## Work required
From the entries below, please gather each line containing the string "width".

## Data provided
——————————

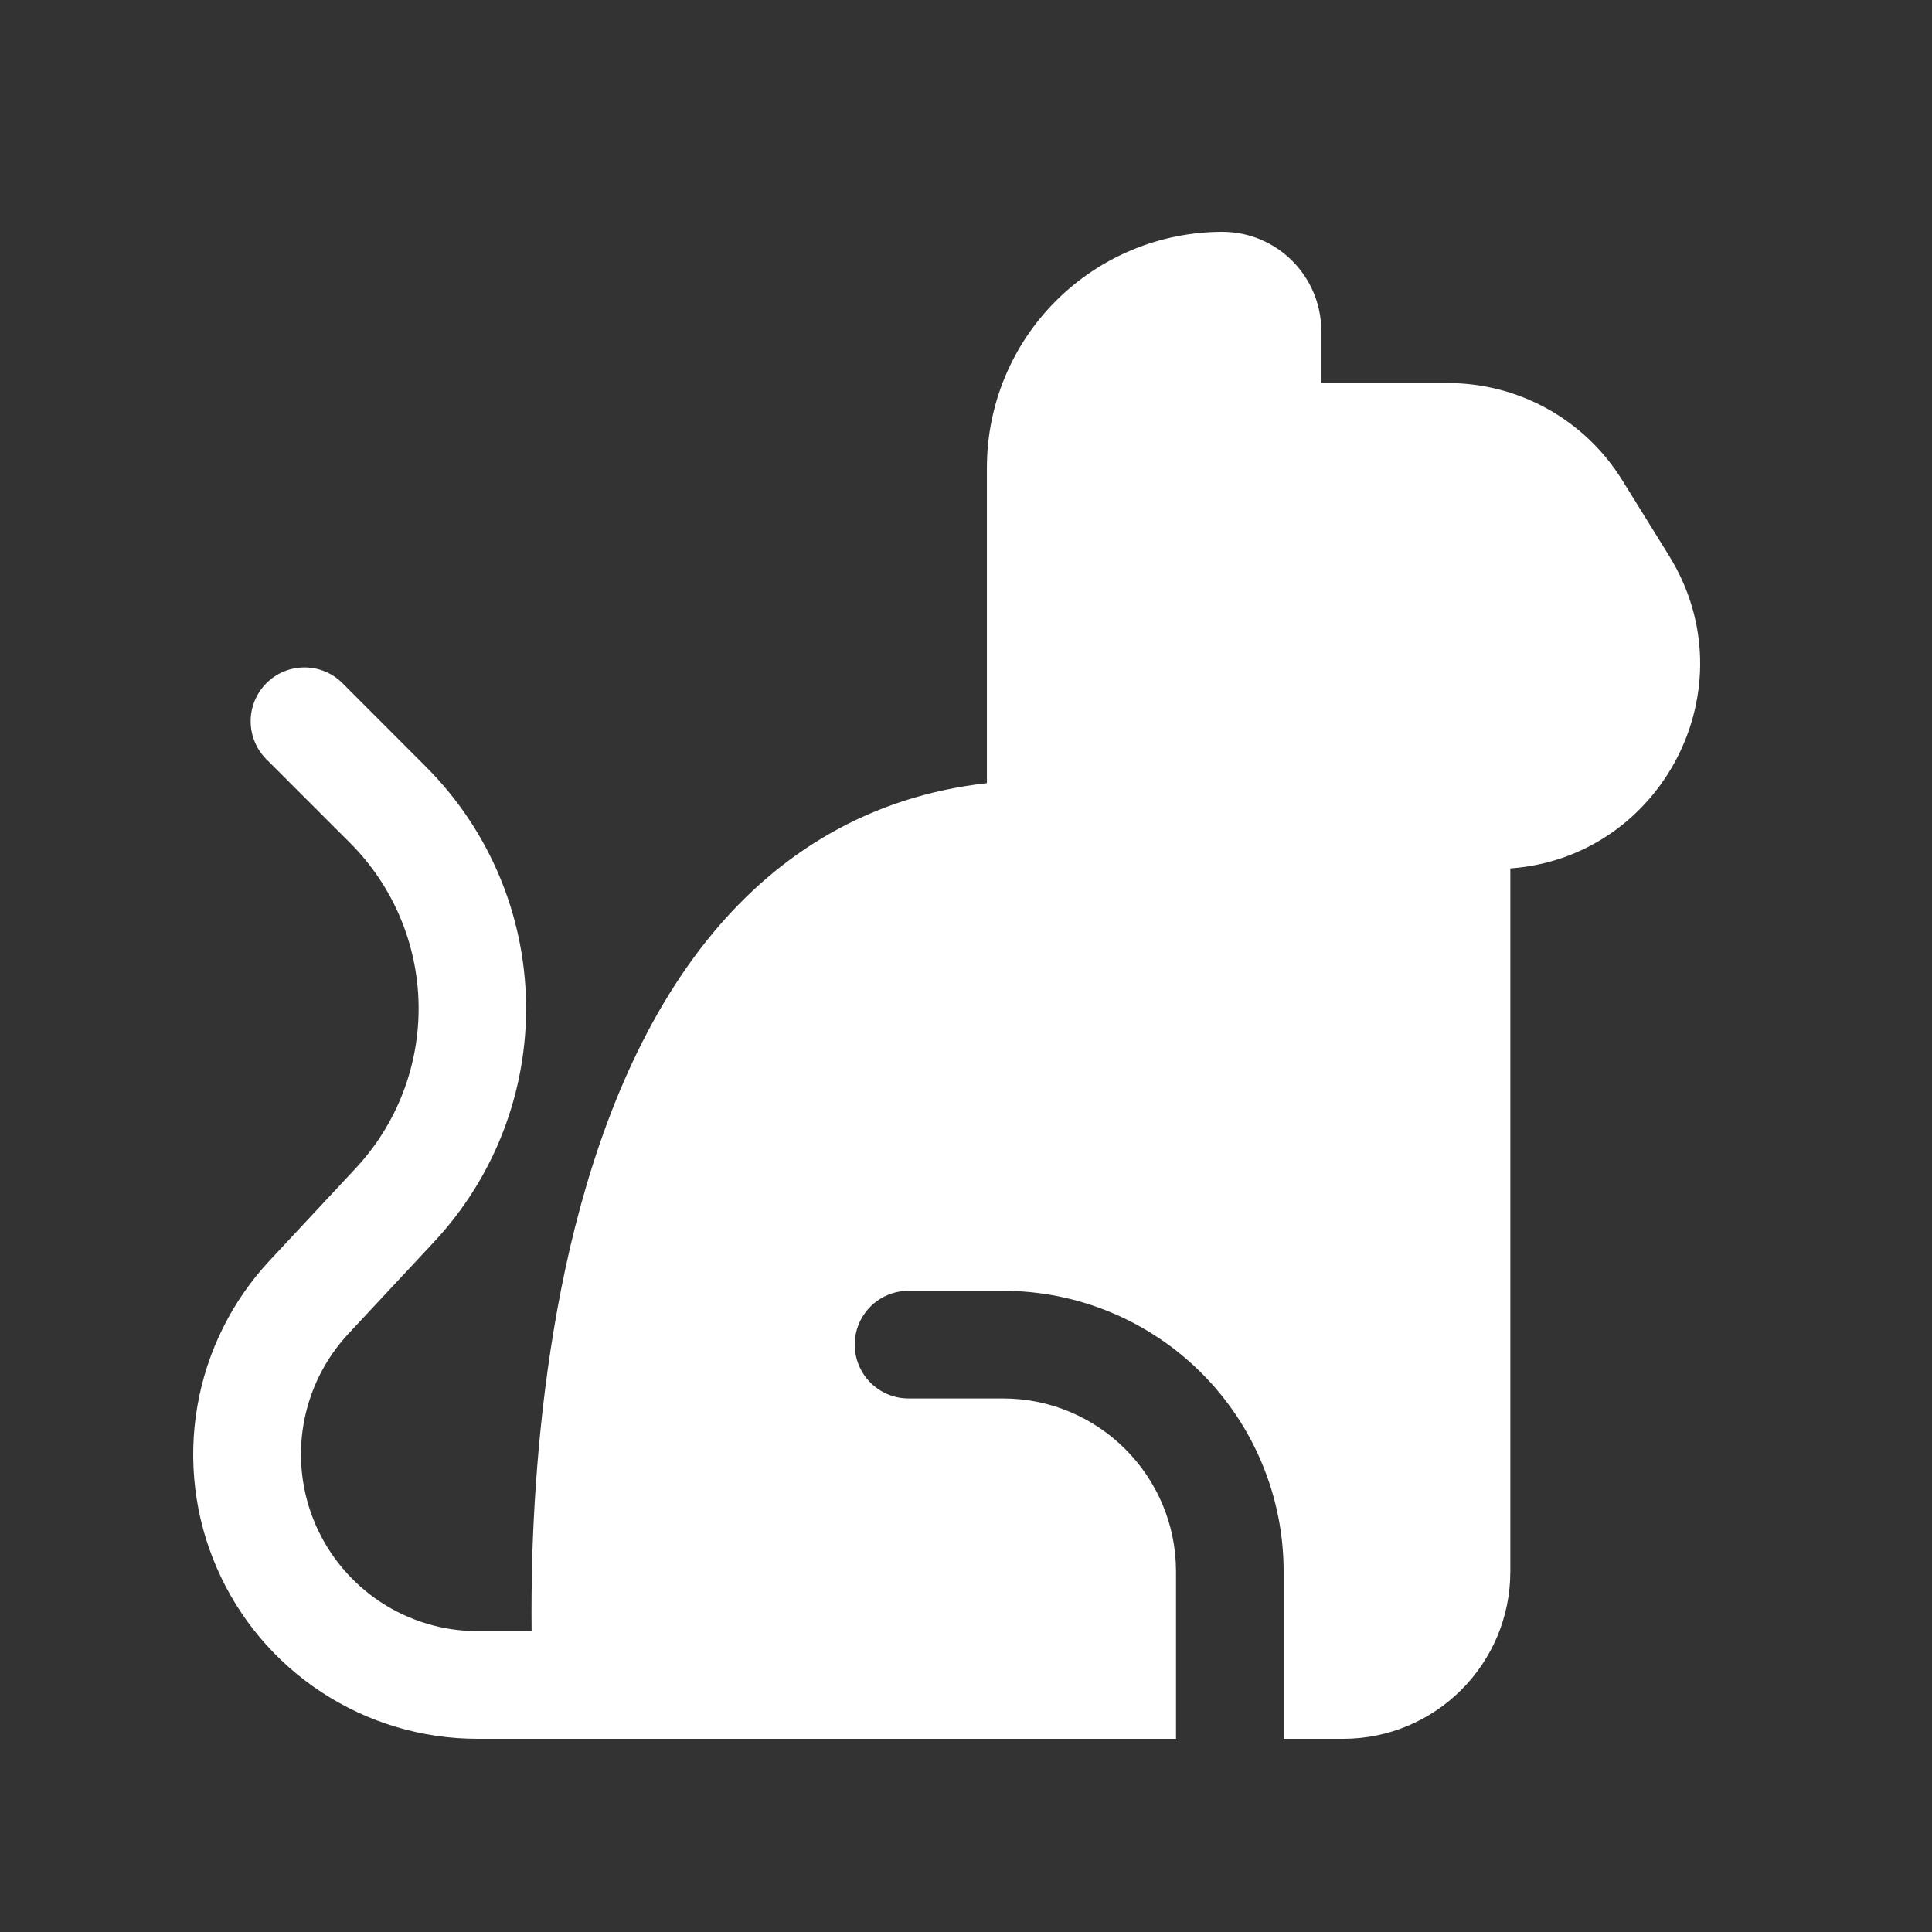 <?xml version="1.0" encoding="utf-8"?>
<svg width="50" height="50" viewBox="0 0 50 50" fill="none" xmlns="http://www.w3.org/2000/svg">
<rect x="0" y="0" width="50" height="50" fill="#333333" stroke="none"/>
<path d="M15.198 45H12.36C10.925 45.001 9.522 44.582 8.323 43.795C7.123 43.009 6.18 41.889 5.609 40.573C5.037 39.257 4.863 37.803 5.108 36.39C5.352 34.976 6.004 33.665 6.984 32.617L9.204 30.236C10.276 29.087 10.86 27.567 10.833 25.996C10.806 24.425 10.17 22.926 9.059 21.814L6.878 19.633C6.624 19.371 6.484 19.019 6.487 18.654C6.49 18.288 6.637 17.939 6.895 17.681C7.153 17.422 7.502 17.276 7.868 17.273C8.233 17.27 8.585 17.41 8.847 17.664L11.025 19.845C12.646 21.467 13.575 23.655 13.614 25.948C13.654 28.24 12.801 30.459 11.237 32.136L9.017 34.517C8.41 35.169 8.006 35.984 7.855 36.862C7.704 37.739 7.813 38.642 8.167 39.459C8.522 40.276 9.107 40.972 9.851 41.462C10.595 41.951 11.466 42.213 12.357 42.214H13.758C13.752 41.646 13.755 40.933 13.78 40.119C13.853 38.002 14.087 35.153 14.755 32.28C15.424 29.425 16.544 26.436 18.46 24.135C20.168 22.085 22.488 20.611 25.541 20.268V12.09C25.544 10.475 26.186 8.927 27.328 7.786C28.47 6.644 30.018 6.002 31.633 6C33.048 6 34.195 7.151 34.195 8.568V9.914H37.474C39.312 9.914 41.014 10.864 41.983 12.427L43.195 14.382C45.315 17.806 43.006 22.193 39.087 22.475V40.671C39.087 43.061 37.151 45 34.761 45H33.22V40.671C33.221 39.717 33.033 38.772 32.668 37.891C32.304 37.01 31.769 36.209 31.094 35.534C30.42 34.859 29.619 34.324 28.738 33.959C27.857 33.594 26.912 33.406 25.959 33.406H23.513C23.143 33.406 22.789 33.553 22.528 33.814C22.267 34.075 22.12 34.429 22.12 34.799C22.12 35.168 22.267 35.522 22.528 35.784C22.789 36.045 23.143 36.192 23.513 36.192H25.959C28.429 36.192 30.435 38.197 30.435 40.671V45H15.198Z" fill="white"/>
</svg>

——————————

## Expected output
<svg width="50" height="50" viewBox="0 0 50 50" fill="none" xmlns="http://www.w3.org/2000/svg">
<rect x="0" y="0" width="50" height="50" fill="#333333" stroke="none"/>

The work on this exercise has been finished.